■ SOURCE RECORDS ■
-- Opening Marker --
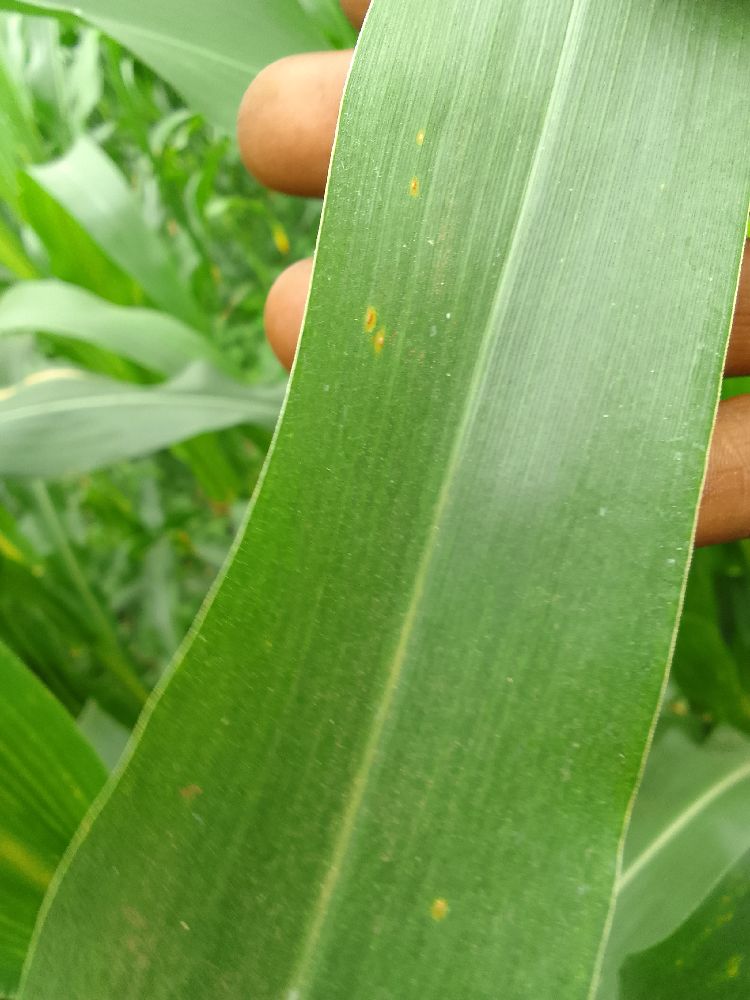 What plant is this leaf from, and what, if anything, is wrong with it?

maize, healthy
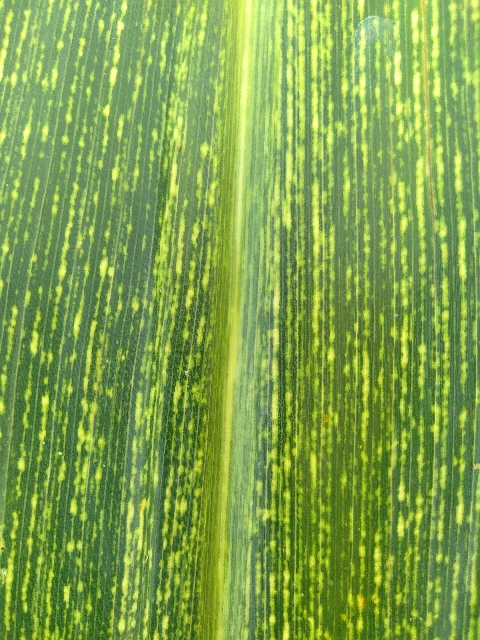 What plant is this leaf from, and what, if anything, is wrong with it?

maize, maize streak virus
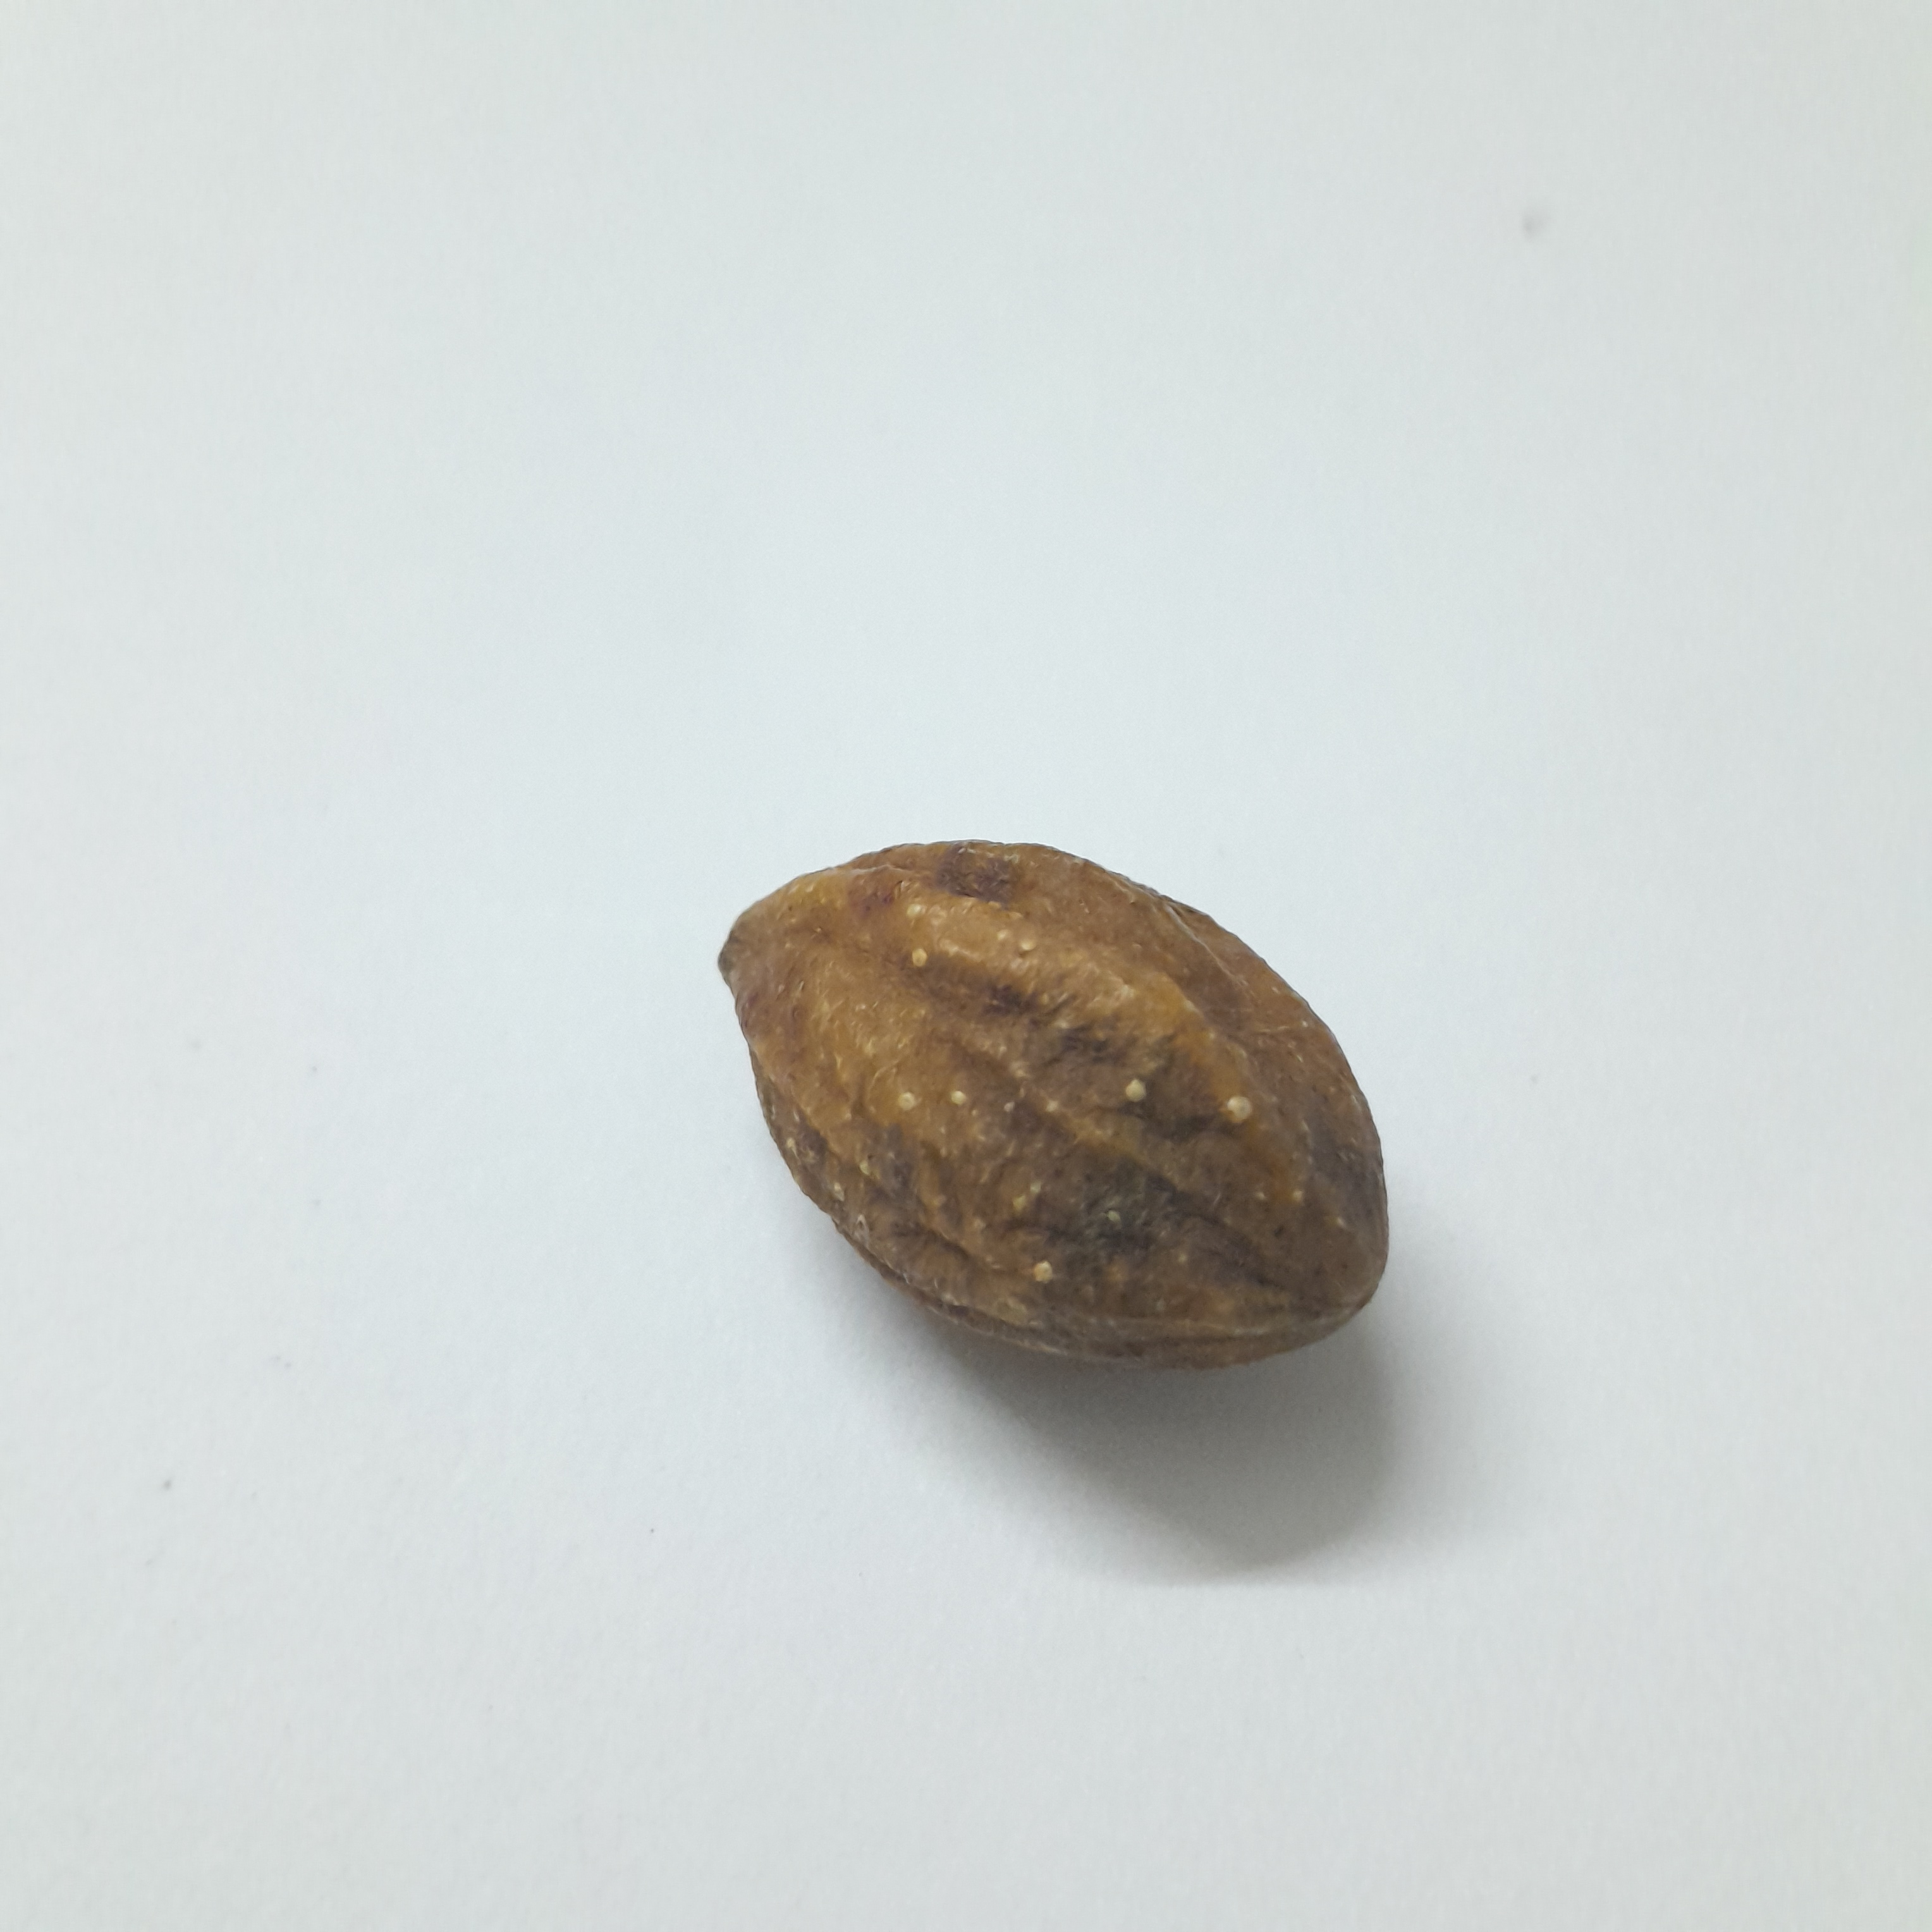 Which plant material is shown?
-- Closing Marker --
■ WHAT THE TASK ASKS ■
Give the listing again word for word. Skip every image.

■ YOUR SOLUTION ■
 What plant is this leaf from, and what, if anything, is wrong with it?

maize, healthy
 What plant is this leaf from, and what, if anything, is wrong with it?

maize, maize streak virus
 Which plant material is shown?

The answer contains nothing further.